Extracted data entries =
....

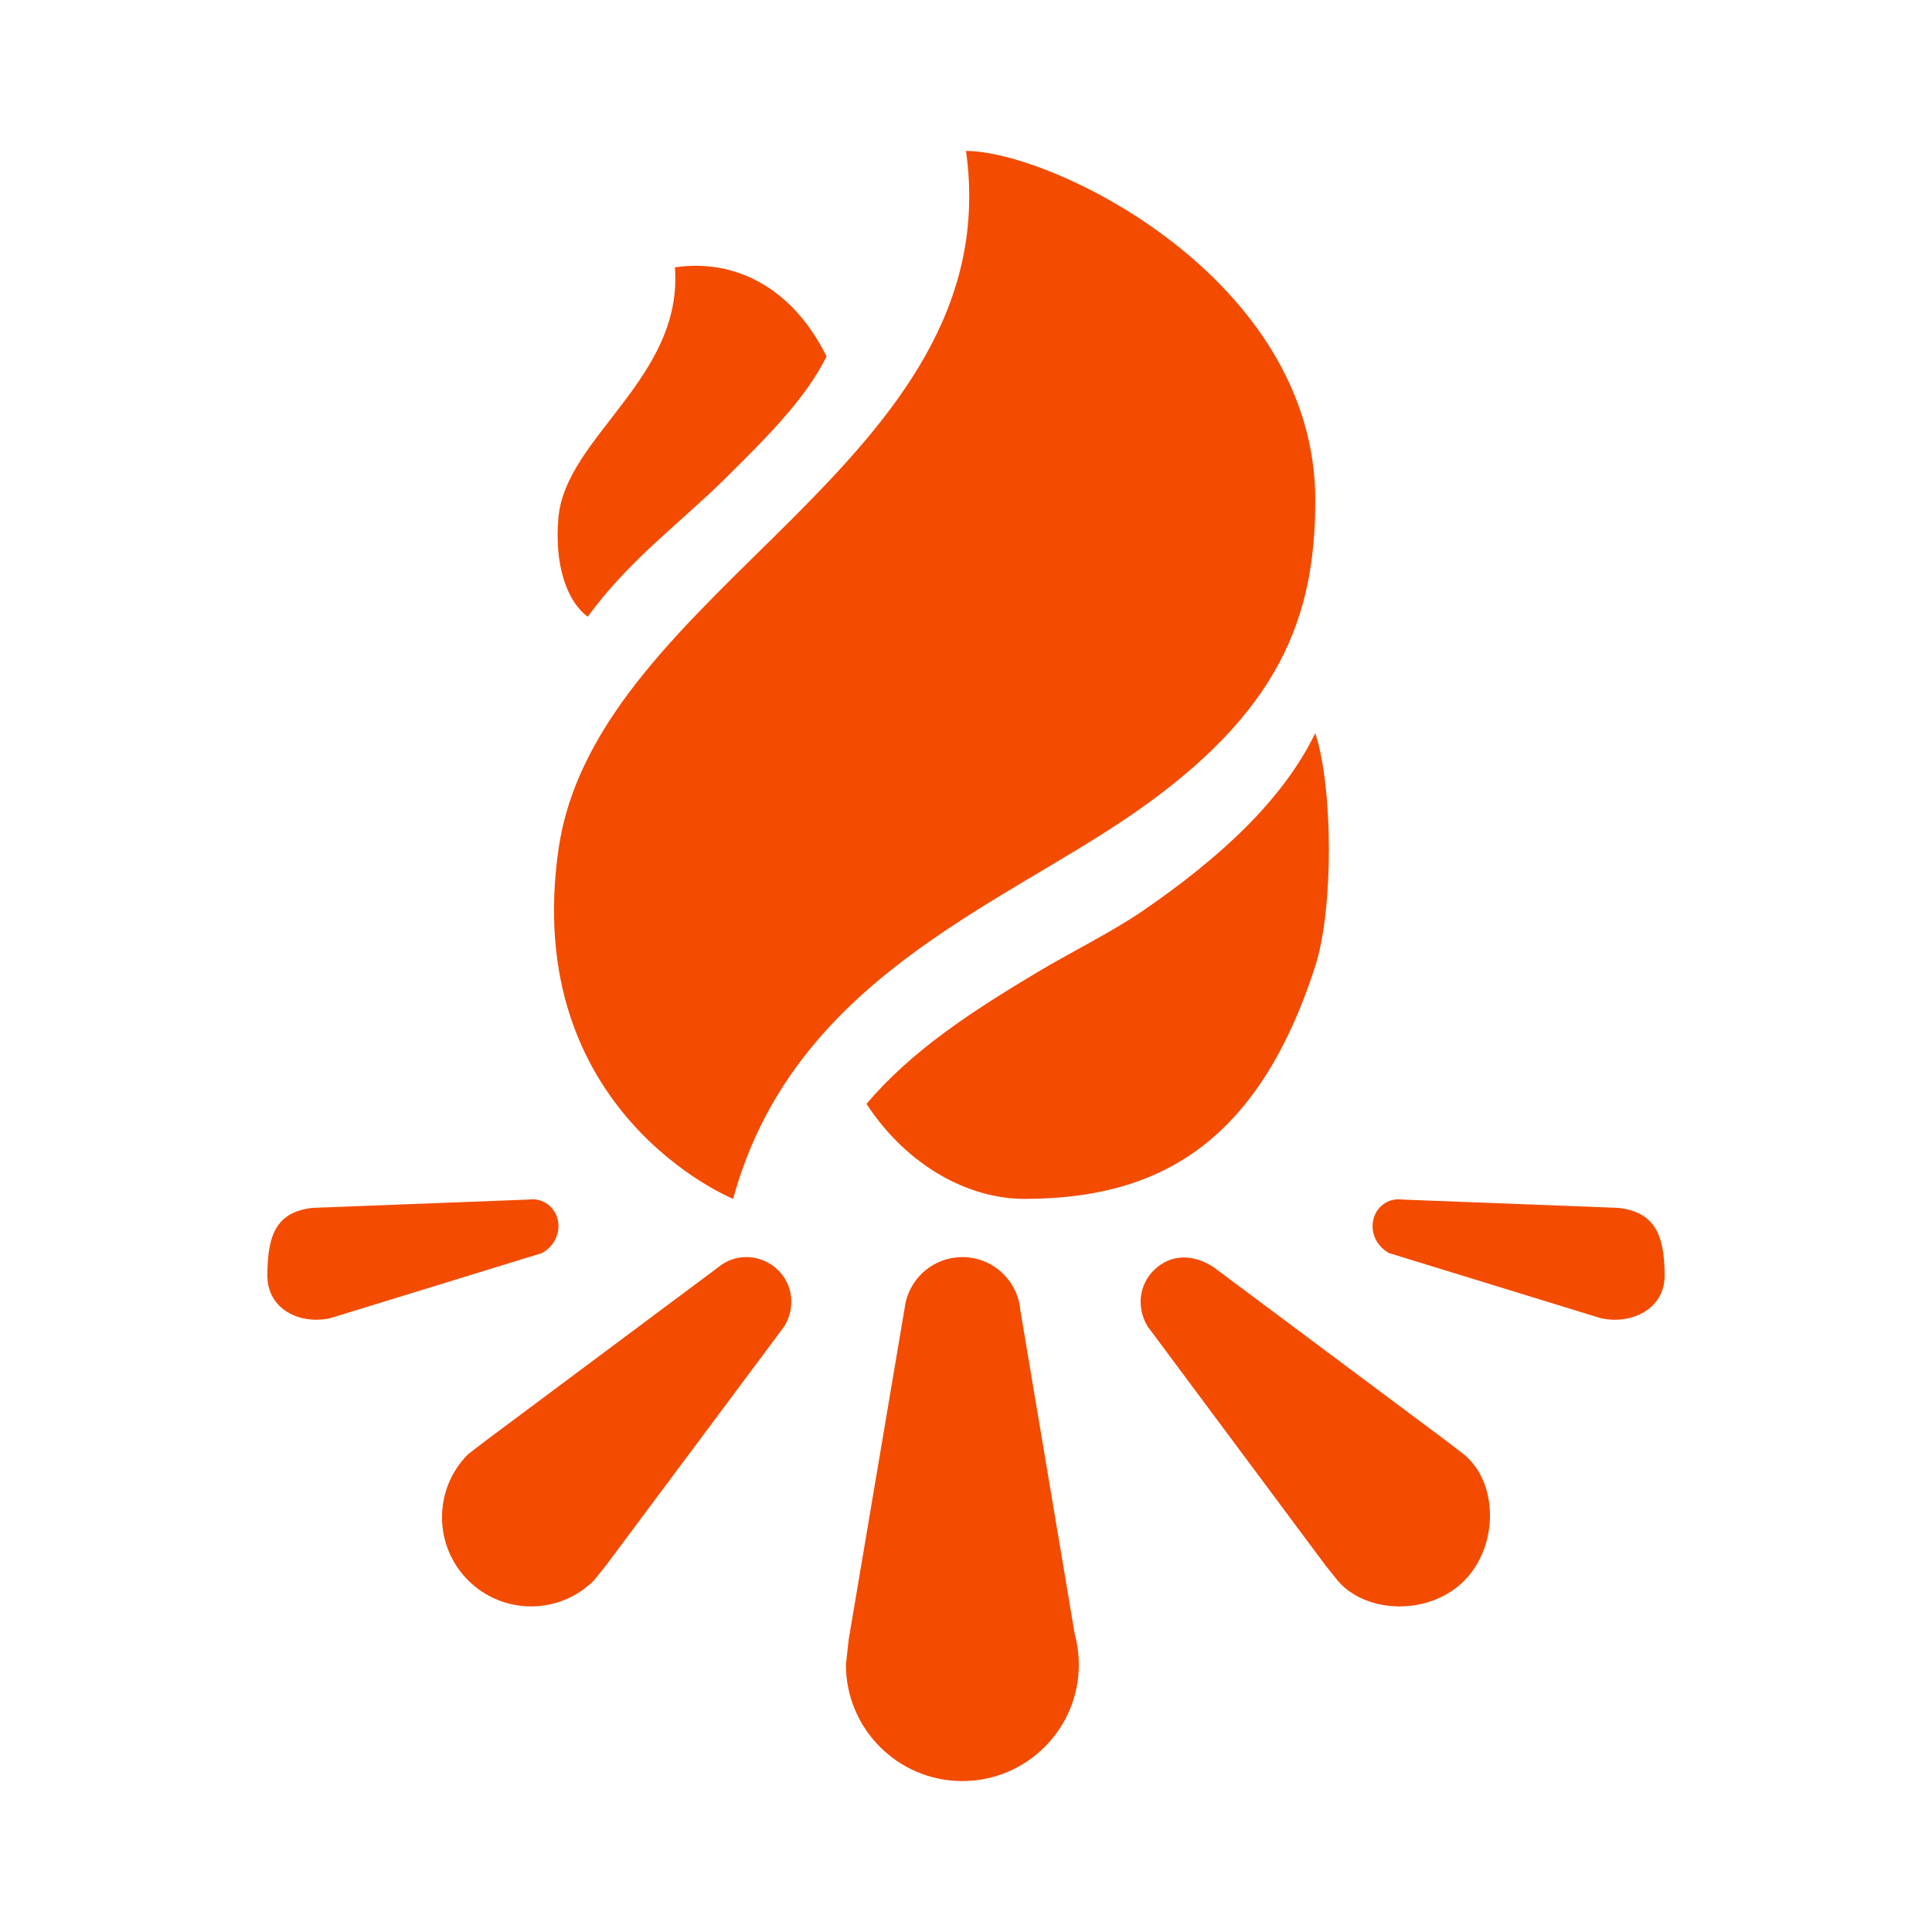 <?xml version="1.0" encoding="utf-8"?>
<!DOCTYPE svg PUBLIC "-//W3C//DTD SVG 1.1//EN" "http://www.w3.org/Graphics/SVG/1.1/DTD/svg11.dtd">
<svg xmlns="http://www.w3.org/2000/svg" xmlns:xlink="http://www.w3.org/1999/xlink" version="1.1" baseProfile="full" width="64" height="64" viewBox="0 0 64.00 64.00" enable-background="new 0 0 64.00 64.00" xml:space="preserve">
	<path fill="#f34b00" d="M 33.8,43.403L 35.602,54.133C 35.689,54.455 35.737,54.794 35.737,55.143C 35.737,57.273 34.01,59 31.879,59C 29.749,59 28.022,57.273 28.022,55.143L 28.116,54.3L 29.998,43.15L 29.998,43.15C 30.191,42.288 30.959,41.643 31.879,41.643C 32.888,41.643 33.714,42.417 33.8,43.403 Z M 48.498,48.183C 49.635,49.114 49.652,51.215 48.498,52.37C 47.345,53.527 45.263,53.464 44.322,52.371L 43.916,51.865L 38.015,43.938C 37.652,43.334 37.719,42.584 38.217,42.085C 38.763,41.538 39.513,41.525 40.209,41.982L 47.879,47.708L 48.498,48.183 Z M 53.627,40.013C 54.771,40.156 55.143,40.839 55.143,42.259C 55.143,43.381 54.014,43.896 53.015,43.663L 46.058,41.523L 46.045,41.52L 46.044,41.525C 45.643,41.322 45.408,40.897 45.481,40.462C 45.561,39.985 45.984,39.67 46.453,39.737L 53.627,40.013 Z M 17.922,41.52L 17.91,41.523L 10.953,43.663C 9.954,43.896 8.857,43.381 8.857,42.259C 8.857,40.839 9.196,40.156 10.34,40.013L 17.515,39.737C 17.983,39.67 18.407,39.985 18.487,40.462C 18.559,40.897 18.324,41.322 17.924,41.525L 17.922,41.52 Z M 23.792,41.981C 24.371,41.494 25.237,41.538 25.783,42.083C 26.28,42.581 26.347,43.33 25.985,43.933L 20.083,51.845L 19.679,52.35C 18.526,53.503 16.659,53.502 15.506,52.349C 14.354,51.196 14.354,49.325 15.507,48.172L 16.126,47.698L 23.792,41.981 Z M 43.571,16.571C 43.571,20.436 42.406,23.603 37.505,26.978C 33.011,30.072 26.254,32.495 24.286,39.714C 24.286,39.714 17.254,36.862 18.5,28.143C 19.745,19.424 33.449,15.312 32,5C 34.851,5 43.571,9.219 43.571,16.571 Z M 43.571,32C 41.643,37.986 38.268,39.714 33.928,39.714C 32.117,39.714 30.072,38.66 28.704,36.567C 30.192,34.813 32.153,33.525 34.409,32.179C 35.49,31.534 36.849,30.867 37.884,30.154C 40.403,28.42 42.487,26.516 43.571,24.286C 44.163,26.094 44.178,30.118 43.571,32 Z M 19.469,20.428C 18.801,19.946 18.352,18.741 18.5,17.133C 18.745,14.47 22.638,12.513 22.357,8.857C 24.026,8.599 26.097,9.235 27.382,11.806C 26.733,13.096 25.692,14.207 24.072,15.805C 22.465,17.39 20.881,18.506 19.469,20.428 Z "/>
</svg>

....

ACTIVITY =
Could you set down, exactly as written, every line from the start of the records above through the line containing "<!DOCTYPE svg PUBLIC", leaving the pictures out?

RESULT OF THE EXERCISE =
 <?xml version="1.0" encoding="utf-8"?>
<!DOCTYPE svg PUBLIC "-//W3C//DTD SVG 1.1//EN" "http://www.w3.org/Graphics/SVG/1.1/DTD/svg11.dtd">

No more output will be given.